When the Church is the Church

  • Jason Smith
  • Nov 16, 2008
  • Series: Walk the Line: A study of Colossians

For the most part, I believe that people outside the church would describe the American church as a divided church. We are marked by our denominations and our differences. People who are on the outside don't understand why there are ten brands of Baptists, Methodists, Presbyterians, and Lutherans. All they know is that they are not experiencing much difference in their lives and their world as a result of their local churches existence. As a whole the church in America today is ineffective in reaching those that God has put us on mission to reach. We are ineffective in truly doing what Jesus told us to do.

As I have shared before, I ditched church when I was around 14 years old. There were lots of reasons that I left the church, but the one that always comes back to my mind is that it didn't really make a difference in my life. I will start with the fact that I am fully responsible for making my faith my own. But the churches that I grew up in seemed to be more focused on doing than being. They did baptisms, alter calls, Sunday School, hymns. But there wasn't a whole lot of people investing in others what they were receiving from Jesus. There was not an overflow of Christ welling up from the lives of those in the church to those outside the church.

Maybe some of you are here today and you have had a similar experience; maybe even here at Harvest Pointe. You have gone through the motions and checked off the Christian to-do list, but there is something missing. It just doesn't seem like the church makes a difference in your life or your world.
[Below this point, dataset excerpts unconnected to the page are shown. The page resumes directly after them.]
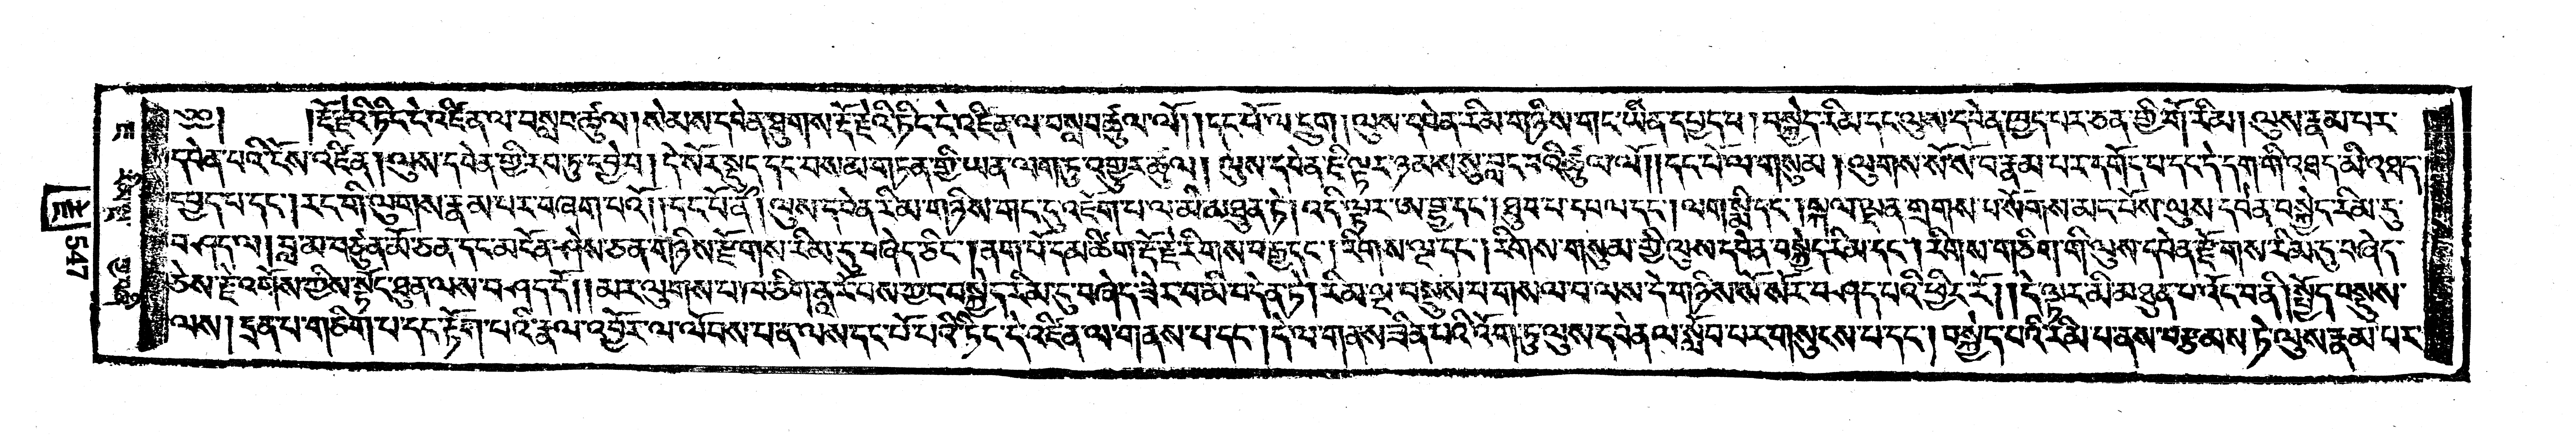༄༅། །རྡོ་རྗེའི་ཏིང་ངེ་འཛིན་ལ་བསླབ་ཚུལ་།སེམས་དབེན་ཐུགས་རྡོ་རྗེའི་ཏིང་ངེ་འཛིན་ལ་བསླབ་ཚུལ་ལོ། །དང་པོ་ལ་དྲུག །ལུས་དབེན་རིམ་གཉིས་གང་ཡིན་དཔྱོད་པ། བསྐྱེད་རིམ་དང་ལུས་དབེན་ཁྱད་པར་ཅན་གྱི་གོ་རིམ། ལུས་རྣམ་པར་
དབེན་པའི་ངོས་འཛིན། ལུས་དབེན་གྱི་རབ་ཏུ་དབྱེ་བ། དེ་སོར་སྡུད་དང་བསམ་གཏན་གྱི་ཡན་ལག་ཏུ་འགྱུར་ཚུལ། ལུས་དབེན་ཇི་ལྟར་ཉམས་སུ་བླང་བའི་ཚུལ་ལོ། །དང་པོ་ལ་གསུམ། ལུགས་སོ་སོ་བ་རྣམ་པར་དགོད་པ་དང་དེ་དག་གི་འཐད་མི་འཐད་
དཔྱད་པ་དང་། རང་གི་ལུགས་རྣམ་པར་བཞག་པའོ། །དང་པོ་ནི། ལུས་དབེན་རིམ་གཉིས་གང་དུ་འཇོག་པ་ལ་མི་མཐུན་ཏེ། འདི་ལྟར་ཨ་བྷྱ་དང་།ཐུབ་པ་དཔལ་དང་། ལག་སྨི་དང་། སྐལ་ལྡན་གྲགས་པ་སོགས་མང་པོས་ལུས་དབེན་བསྐྱེད་རིམ་དུ་
བཤད་ལ། བླ་མ་བཙུན་མོ་ཅན་དང་མངོན་ཤེས་ཅན་གཉིས་རྫོགས་རིམ་དུ་བཞེད་ཅིང་།ནག་པོ་དམ་ཚིག་རྡོ་རྗེ་རིགས་བརྒྱ་དང་།རིགས་ལྔ་དང་།རིགས་གསུམ་གྱི་ལུས་དབེན་བསྐྱེད་རིམ་དང་།རིགས་གཅིག་གི་ལུས་དབེན་རྫོགས་རིམ་དུ་བཞེད་
ཅེས་རྗེ་འགོས་ཀྱིས་སྟོང་ཐུན་ལས་བཤད་དོ། །མར་ལུགས་པ་ཁ་ཅིག་ནཱ་རོ་པས་ཀྱང་བསྐྱེད་རིམ་དུ་བཞེད་ཟེར་བ་མི་བདེན་ཏེ། རིམ་ལྔ་བསྡུས་པ་གསལ་བ་ལས་དེ་གཉིས་སོ་སོར་བཤད་པའི་ཕྱིར་རོ། །དེ་ལྟར་མི་མཐུན་པ་འོང་བ་ནི། སྤྱོད་བསྡུས་
ལས། དྲན་པ་གཅིག་པ་དང་རྟོག་པའི་རྣལ་འབྱོར་ལ་ལོབས་པ་ན་ལས་དང་པོ་པའི་ཏིང་ངེ་འཛིན་ལ་གནས་པ་དང་། དེ་ལ་གནས་ཟིན་པའི་འོག་ཏུ་ལུས་དབེན་ལ་སློབ་པར་གསུངས་པ་དང་། བསྐྱེད་པའི་རིམ་པ་ནས་བརྩམས་ཏེ་ལུས་རྣམ་པར་

You long for a deeper walk with Jesus Christ and you have sought to find it by coming to church. But along the way you have developed some doubts that life can really be found between these four walls.

As week have seen so far in the letter from Paul to the Colossians, he has a much different picture of what it looks like to walk with Christ than most of us have seen or heard in the local church. Paul's vision comes directly from His encounter with Jesus on the road to Damascus and resulting life change that followed as he did what Jesus told him to do. As we dive into this next passage in this challenging letter, we will see that As God changes us, we can be the kind of church that He desires. The reality is that each one of us makes up this local church and the church is a reflection of each one of its members. If we desire to be the kind of church that is marked by its love for one another and for those outside the church, then we need to be marked by love. If we desire to be the kind of church that draws people closer to Jesus, instead of pushing them away, then we need to draw people closer to Jesus. Let's see what Paul says about how we do this beginning in verse 11 of chapter 3.